%%

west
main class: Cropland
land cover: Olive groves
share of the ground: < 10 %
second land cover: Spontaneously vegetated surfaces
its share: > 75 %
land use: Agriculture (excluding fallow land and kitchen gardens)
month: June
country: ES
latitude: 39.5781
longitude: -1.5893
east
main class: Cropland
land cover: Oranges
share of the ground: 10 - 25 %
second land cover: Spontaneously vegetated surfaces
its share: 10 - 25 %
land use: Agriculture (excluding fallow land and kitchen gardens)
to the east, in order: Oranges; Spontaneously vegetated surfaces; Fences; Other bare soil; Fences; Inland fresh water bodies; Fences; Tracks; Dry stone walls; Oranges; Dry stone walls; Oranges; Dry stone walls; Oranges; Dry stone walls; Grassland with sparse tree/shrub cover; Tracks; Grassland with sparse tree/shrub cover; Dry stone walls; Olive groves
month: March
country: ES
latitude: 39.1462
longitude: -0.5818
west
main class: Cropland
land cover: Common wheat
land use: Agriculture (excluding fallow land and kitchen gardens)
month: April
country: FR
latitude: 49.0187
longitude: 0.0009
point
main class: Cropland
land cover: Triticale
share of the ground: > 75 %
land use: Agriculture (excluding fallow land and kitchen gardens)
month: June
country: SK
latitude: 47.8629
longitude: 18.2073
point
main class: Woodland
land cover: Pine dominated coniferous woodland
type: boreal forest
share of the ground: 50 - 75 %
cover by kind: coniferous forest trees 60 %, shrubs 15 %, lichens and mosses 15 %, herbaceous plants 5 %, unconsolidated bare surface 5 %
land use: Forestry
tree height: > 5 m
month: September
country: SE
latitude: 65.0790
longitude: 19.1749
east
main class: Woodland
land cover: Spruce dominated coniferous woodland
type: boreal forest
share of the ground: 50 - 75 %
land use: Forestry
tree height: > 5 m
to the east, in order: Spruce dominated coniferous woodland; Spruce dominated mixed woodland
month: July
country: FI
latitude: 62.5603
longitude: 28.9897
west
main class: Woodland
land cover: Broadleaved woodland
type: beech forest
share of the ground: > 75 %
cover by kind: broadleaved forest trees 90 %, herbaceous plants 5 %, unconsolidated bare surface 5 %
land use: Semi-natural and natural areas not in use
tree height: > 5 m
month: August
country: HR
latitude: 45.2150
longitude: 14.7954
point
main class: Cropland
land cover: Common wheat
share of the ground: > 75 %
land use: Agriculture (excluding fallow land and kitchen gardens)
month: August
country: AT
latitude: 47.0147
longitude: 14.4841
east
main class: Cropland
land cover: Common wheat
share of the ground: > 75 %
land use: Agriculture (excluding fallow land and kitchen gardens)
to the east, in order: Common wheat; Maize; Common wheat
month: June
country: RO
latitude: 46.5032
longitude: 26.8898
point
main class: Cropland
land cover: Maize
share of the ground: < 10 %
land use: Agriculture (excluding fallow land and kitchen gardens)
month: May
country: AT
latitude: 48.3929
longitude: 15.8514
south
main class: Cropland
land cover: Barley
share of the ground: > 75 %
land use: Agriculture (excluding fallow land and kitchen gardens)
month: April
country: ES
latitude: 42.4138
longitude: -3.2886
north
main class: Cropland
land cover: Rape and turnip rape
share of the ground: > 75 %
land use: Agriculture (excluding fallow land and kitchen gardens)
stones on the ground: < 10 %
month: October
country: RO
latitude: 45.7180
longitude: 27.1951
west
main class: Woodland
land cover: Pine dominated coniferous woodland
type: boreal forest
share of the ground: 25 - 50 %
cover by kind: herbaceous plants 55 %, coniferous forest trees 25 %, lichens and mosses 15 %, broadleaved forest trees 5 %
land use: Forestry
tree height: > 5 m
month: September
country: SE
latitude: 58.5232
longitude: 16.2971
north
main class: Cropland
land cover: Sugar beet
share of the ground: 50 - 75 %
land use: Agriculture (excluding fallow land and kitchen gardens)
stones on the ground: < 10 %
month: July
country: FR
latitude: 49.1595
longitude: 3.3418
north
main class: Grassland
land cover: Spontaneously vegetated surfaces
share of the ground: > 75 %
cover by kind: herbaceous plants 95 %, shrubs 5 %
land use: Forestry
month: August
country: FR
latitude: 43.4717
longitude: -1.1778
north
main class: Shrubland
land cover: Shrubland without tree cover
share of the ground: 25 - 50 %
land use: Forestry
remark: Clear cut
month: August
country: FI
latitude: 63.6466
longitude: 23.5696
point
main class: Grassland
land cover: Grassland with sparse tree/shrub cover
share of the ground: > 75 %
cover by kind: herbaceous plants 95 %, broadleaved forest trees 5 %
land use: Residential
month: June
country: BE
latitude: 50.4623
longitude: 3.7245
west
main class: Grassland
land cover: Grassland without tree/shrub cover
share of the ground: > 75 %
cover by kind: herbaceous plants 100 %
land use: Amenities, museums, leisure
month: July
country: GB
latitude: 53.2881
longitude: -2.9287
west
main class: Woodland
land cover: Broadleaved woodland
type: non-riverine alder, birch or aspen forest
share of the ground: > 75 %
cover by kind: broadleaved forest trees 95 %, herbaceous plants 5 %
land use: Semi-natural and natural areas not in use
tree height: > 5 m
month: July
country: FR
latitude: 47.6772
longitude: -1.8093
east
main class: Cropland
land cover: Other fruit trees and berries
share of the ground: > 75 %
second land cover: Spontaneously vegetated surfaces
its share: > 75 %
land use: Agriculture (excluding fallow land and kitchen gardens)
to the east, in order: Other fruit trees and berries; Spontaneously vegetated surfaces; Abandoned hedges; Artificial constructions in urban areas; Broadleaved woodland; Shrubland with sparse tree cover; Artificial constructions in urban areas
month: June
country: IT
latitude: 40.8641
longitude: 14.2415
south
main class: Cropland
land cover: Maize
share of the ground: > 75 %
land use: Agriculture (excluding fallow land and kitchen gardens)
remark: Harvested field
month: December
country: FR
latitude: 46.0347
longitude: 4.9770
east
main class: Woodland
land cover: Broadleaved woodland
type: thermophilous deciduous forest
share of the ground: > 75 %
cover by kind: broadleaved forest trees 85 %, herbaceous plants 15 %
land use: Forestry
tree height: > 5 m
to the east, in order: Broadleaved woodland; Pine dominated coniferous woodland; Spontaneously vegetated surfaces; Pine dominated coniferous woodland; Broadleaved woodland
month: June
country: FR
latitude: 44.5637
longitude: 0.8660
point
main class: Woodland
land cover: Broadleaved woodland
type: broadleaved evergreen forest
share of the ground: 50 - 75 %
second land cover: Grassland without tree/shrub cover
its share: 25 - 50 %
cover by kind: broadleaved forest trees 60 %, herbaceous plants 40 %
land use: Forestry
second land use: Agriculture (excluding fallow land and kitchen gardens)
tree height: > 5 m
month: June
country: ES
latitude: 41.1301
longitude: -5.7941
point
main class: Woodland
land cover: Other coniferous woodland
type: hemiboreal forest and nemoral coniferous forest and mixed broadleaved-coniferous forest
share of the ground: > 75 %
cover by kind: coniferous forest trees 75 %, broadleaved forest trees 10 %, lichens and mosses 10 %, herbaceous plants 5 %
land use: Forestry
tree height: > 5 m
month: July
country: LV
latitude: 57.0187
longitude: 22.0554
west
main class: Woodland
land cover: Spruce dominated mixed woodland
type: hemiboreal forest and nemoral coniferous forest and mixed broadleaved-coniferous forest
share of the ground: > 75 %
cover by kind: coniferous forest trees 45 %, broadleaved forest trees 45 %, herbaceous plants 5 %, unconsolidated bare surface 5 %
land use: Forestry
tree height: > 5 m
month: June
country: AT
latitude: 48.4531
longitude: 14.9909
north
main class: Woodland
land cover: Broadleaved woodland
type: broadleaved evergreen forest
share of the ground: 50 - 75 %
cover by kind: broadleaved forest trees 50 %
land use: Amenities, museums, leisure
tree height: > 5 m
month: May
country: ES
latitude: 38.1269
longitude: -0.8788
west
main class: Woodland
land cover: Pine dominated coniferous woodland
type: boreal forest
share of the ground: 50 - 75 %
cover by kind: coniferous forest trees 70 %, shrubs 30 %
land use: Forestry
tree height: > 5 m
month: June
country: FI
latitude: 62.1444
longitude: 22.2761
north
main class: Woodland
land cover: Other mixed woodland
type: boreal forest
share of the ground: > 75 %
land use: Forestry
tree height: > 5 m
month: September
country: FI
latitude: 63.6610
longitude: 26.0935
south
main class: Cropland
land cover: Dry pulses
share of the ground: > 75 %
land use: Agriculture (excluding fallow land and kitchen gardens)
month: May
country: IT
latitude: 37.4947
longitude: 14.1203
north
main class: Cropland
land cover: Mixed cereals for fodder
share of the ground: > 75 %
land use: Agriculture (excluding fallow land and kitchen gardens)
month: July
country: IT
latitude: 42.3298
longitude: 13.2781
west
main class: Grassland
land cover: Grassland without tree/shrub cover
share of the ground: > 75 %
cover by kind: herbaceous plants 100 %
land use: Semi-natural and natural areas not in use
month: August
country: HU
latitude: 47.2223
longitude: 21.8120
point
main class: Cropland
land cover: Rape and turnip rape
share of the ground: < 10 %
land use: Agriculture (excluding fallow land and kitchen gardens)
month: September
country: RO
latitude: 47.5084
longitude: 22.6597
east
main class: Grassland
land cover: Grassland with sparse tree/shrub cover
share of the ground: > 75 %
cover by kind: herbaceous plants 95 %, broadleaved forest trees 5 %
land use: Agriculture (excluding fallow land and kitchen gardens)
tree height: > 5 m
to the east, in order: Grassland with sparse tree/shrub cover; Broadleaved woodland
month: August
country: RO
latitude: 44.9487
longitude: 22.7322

%%

▶ _What the exercise asks_: Each line from the one holding "longitude: -0.8788" down to the end of the records above is to be repeated exactly; no other line belongs in the reply.

▶ _Reply_:
longitude: -0.8788
west
main class: Woodland
land cover: Pine dominated coniferous woodland
type: boreal forest
share of the ground: 50 - 75 %
cover by kind: coniferous forest trees 70 %, shrubs 30 %
land use: Forestry
tree height: > 5 m
month: June
country: FI
latitude: 62.1444
longitude: 22.2761
north
main class: Woodland
land cover: Other mixed woodland
type: boreal forest
share of the ground: > 75 %
land use: Forestry
tree height: > 5 m
month: September
country: FI
latitude: 63.6610
longitude: 26.0935
south
main class: Cropland
land cover: Dry pulses
share of the ground: > 75 %
land use: Agriculture (excluding fallow land and kitchen gardens)
month: May
country: IT
latitude: 37.4947
longitude: 14.1203
north
main class: Cropland
land cover: Mixed cereals for fodder
share of the ground: > 75 %
land use: Agriculture (excluding fallow land and kitchen gardens)
month: July
country: IT
latitude: 42.3298
longitude: 13.2781
west
main class: Grassland
land cover: Grassland without tree/shrub cover
share of the ground: > 75 %
cover by kind: herbaceous plants 100 %
land use: Semi-natural and natural areas not in use
month: August
country: HU
latitude: 47.2223
longitude: 21.8120
point
main class: Cropland
land cover: Rape and turnip rape
share of the ground: < 10 %
land use: Agriculture (excluding fallow land and kitchen gardens)
month: September
country: RO
latitude: 47.5084
longitude: 22.6597
east
main class: Grassland
land cover: Grassland with sparse tree/shrub cover
share of the ground: > 75 %
cover by kind: herbaceous plants 95 %, broadleaved forest trees 5 %
land use: Agriculture (excluding fallow land and kitchen gardens)
tree height: > 5 m
to the east, in order: Grassland with sparse tree/shrub cover; Broadleaved woodland
month: August
country: RO
latitude: 44.9487
longitude: 22.7322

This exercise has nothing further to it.